▶ _TASK REQUIREMENTS_: The lines to print are the one containing "cover by kind: unconsolidated" and every line after it through the end of the entries below. Print them exactly and nothing else.

▶ _INPUT_:

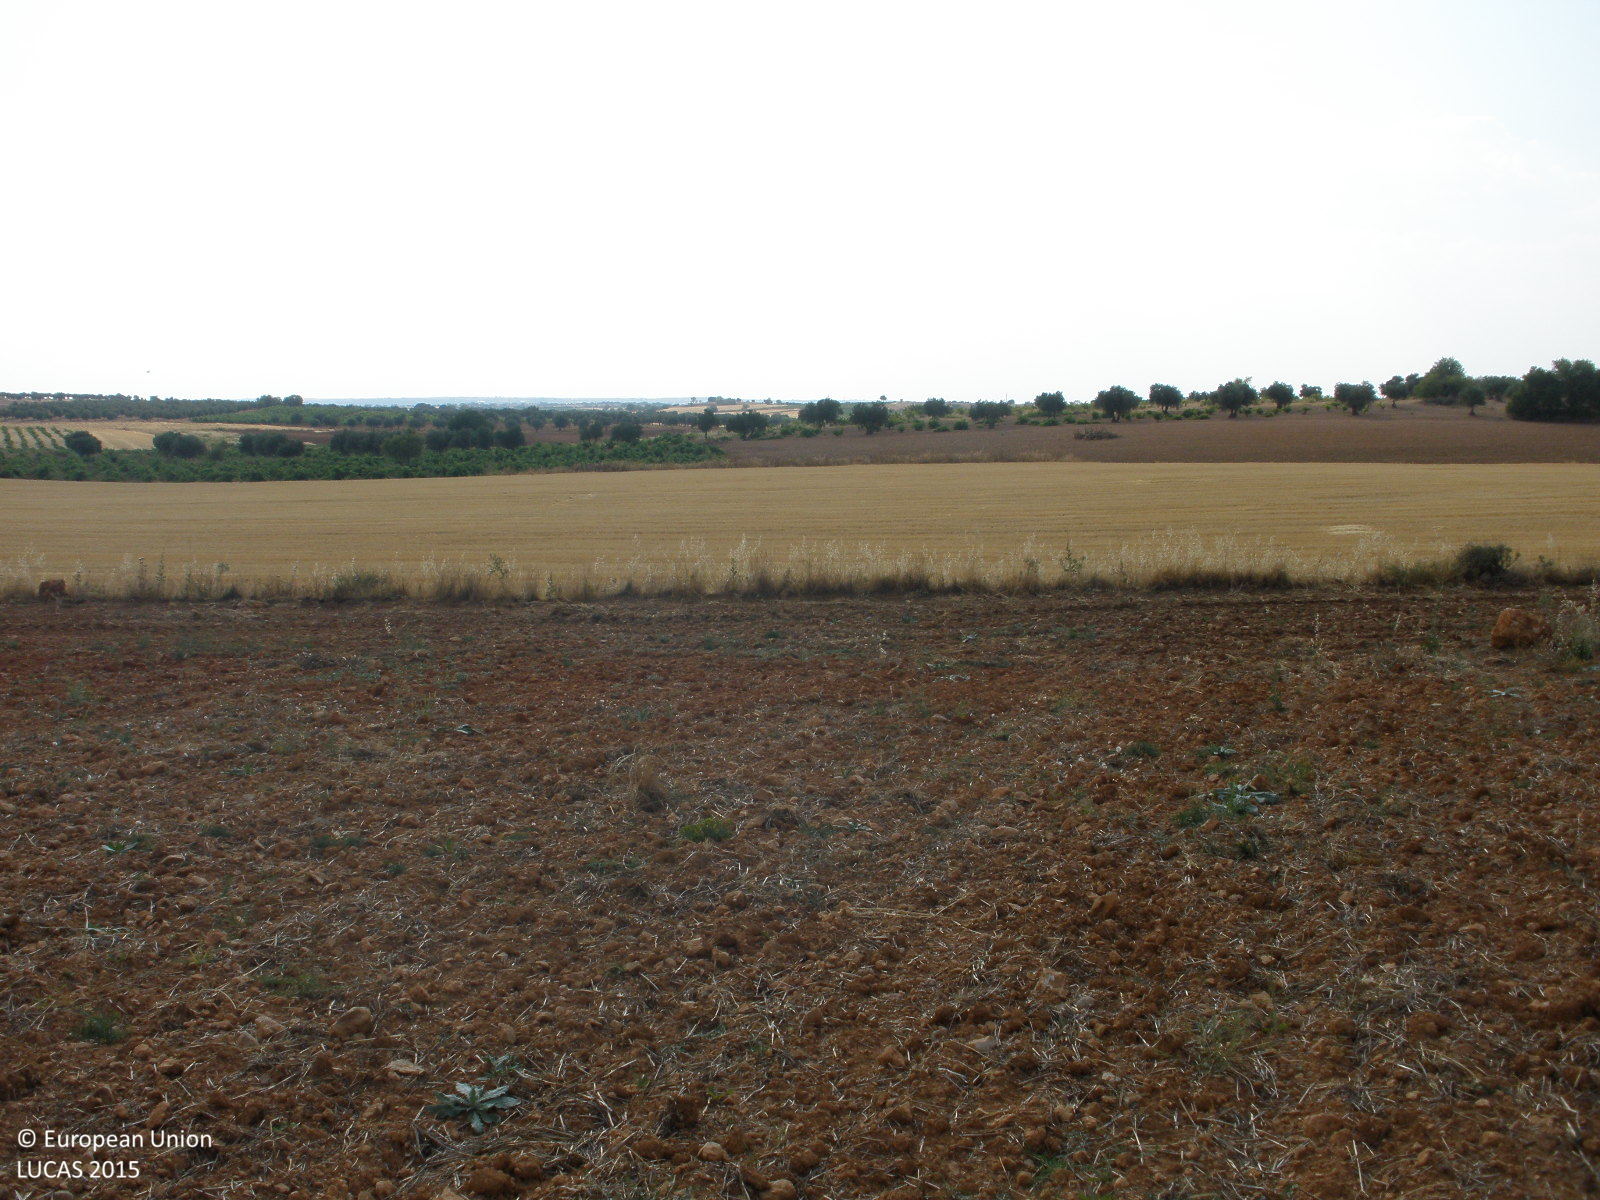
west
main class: Grassland
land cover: Spontaneously vegetated surfaces
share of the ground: 10 - 25 %
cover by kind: unconsolidated bare surface 80 %, herbaceous plants 20 %
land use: Fallow land
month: June
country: ES
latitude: 40.1472
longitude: -3.2815

▶ _RESPONSE AREA_:
cover by kind: unconsolidated bare surface 80 %, herbaceous plants 20 %
land use: Fallow land
month: June
country: ES
latitude: 40.1472
longitude: -3.2815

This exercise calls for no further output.